JESUP — Former NFL coach and player Dan Reeves spoke at the Altamaha Area Fellowship of Christian Athletes annual Fundraising Banquet Friday.

The event was at Coastal Pines Technical College with proceeds going to support FCA chapters in Long, Liberty and Wayne counties.

Reeves, who is from Rome, Ga., told the packed house about how he accepted Jesus Christ as his Lord and Savior when he was a freshman at Americus High School.

He joked with the crowd, saying that as a child he had a "drug" problem, in that his mother drug him to church every time its doors were open.

He played football for the University of South Carolina and then walked on as a free-agent with the Dallas Cowboys in 1965.

He said that during his rookie season, Cowboys head coach Tom Landry, who was one of the founding organizers of the FCA, asked him to speak at some high schools to tell kids about what Jesus had done for him. One point that Reeves stressed was how Christ would always be there for them if they accepted him.

"I could always get on my knees and talk to him (Jesus) and ask him for guidance in my life," Reeves said.

Reeves also spoke about playing time with the Cowboys and how during his early years they were known as the NFL team that could not win the "big game." That title finally was lifted in 1972 when the Cowboys beat the Miami Dolphins 24-3 in the Super Bowl.

Reeves said Landry asked him in 1970 to be a player/coach for the Cowboys and this was his first experience in coaching. After being mentored by Landry for 10 years, in 1981 Reeves became the youngest head coach in the NFL when he took over the reins of the Denver Broncos.
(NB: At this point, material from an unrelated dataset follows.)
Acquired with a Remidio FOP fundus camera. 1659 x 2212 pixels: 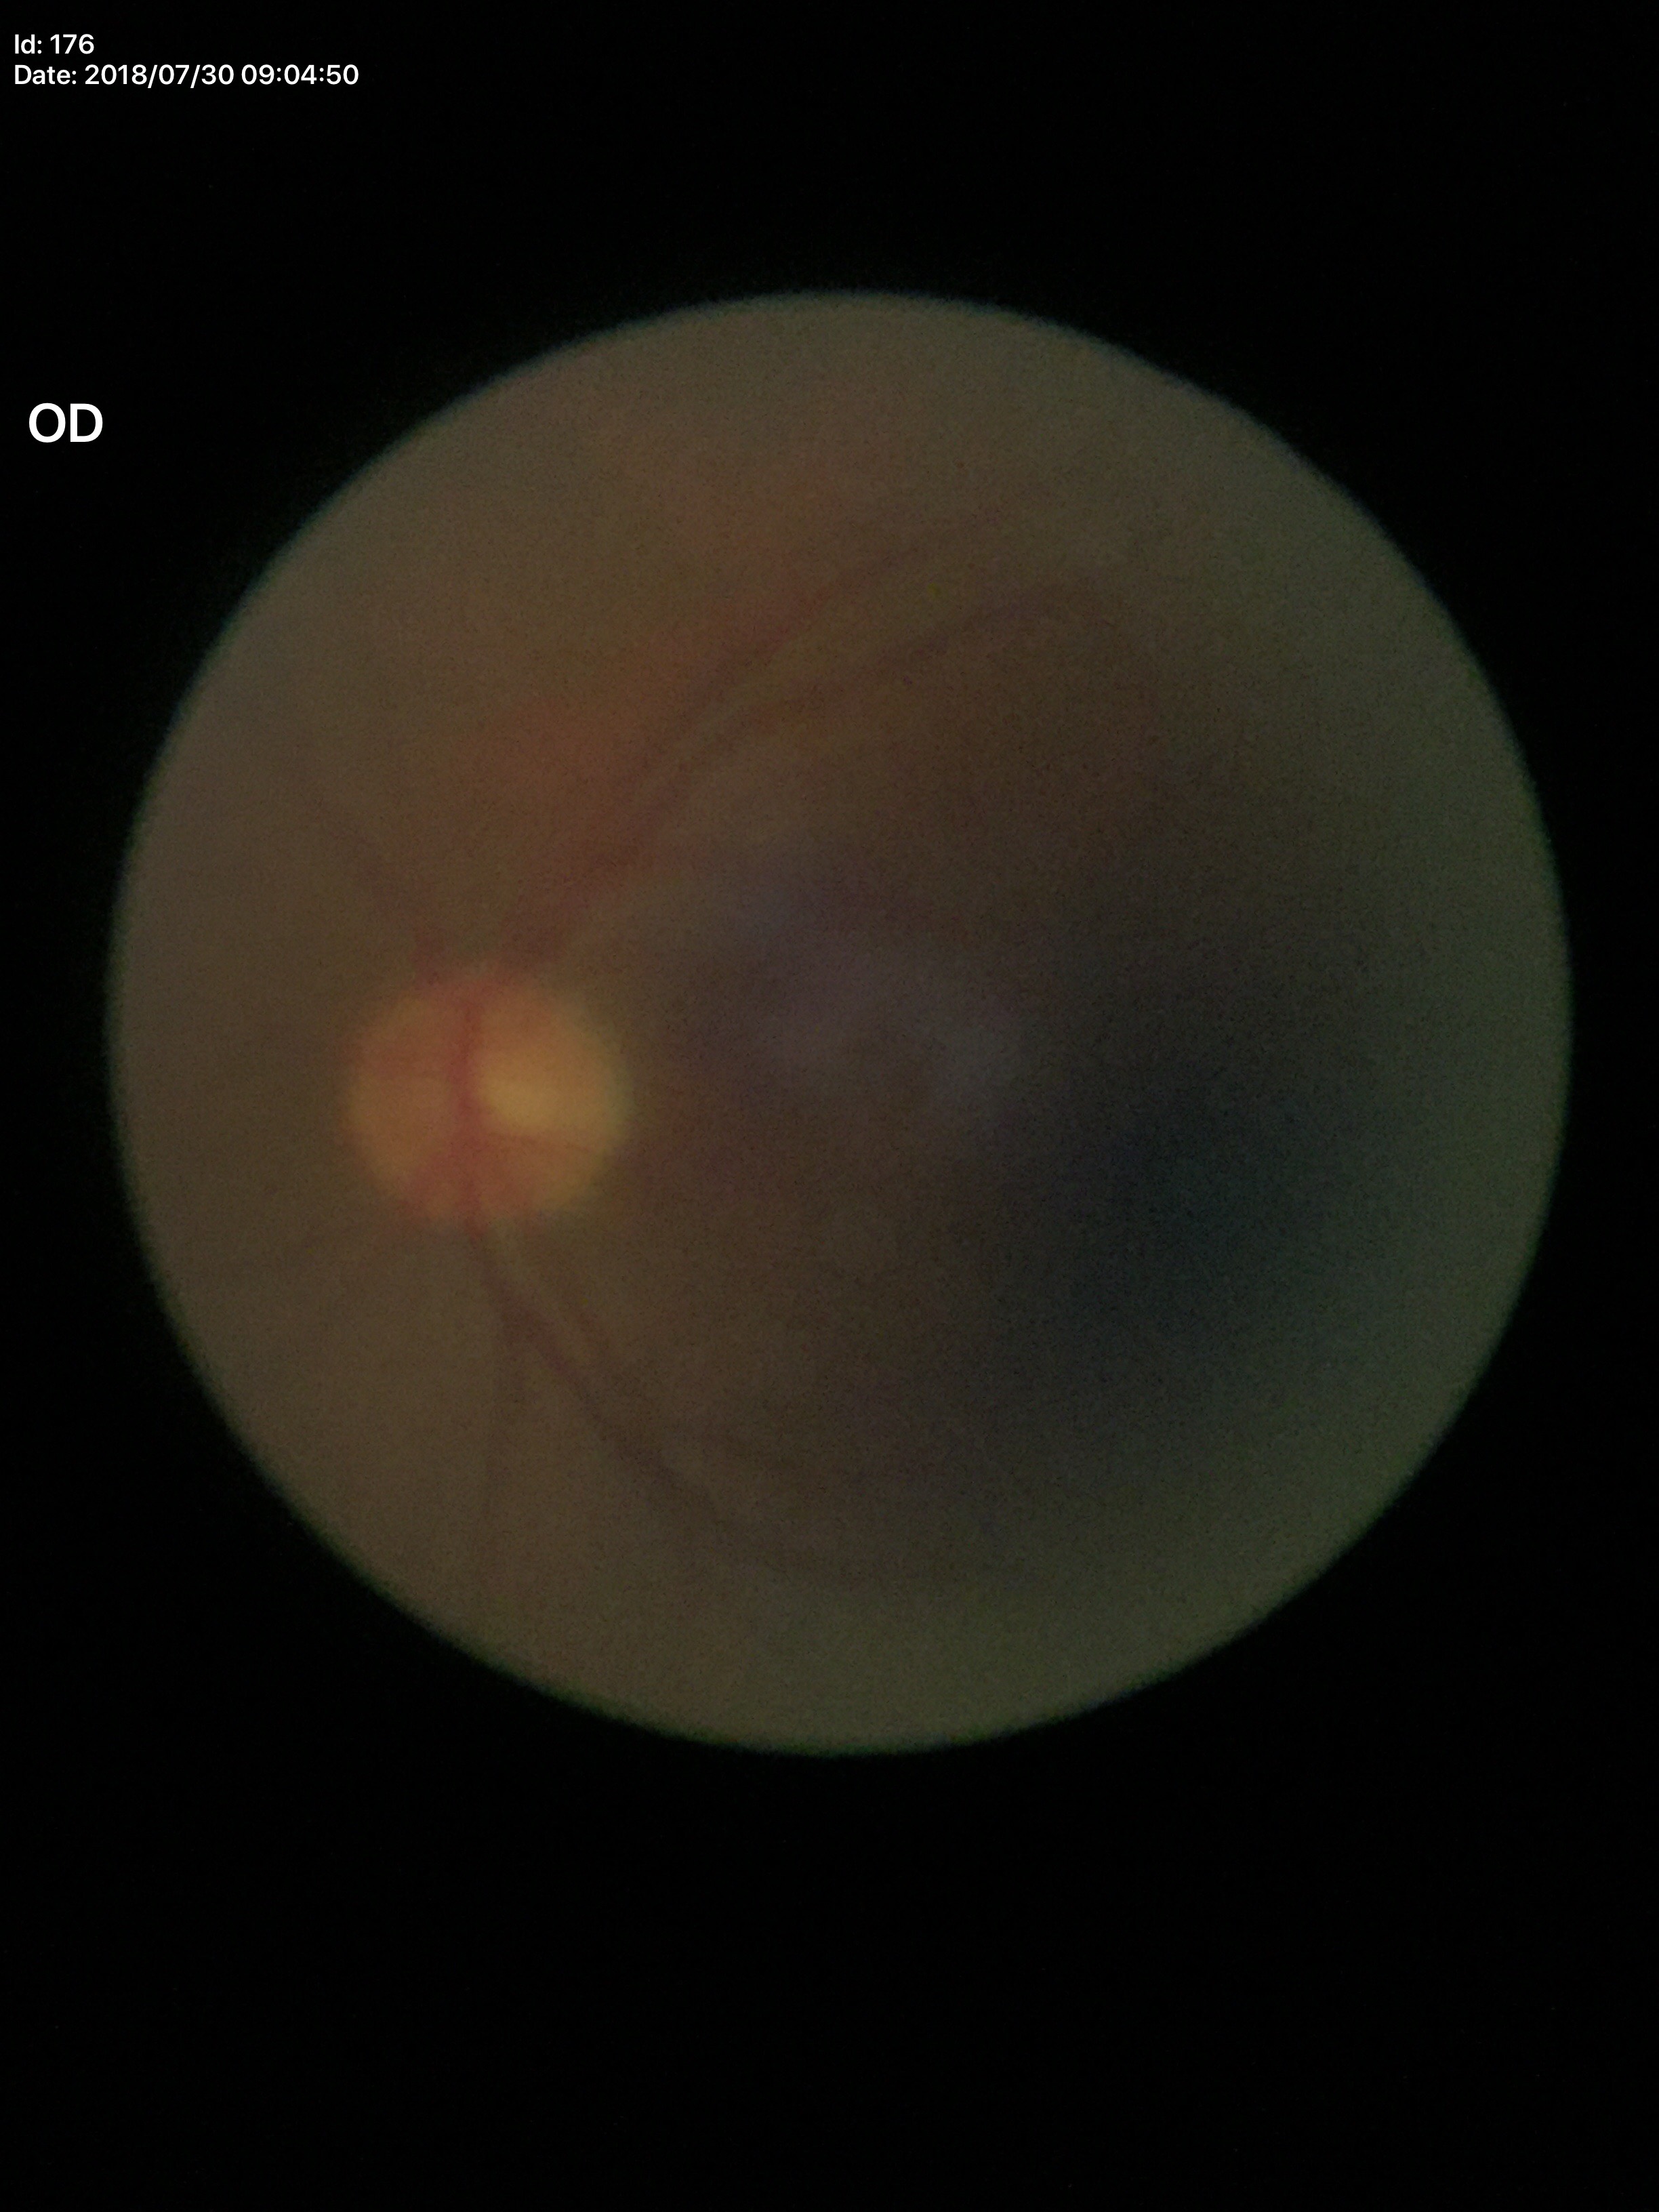

No evidence of glaucoma. Vertical cup-disc ratio of 0.42.

He said before he left Dallas, Landry gave him two pieces of advice that he has never forgotten.

In addition to Reeves speaking, emcee Victor Drawdy interviewed a coach and a player who worked with the FCA. Former Long County High School assistant head coach and defensive coordinator Jeff Miller was the coach and he talked about FCA and the chaplains who work in it.

"At Long County we have Eric Sizemore as our chaplain, and let me tell you he is a wonderful man who continually ministers to the guys on the sidelines, he’s a great inspiration and I can’t say enough about Eric," Miller said.

He also talked about the faith of both the players and coaches at Long County, saying that no matter how tired or hot the players and coaches were, many always attended the "FCA huddle" fellowship time that Sizemore leads once a week.

"All I can say about the FCA is that it is a big part of many of these kids’ lives," Miller said.

Altamaha Area FCA Director Dylan Brown said the banquet was sponsored by Bone and Joint Institute of South Georgia.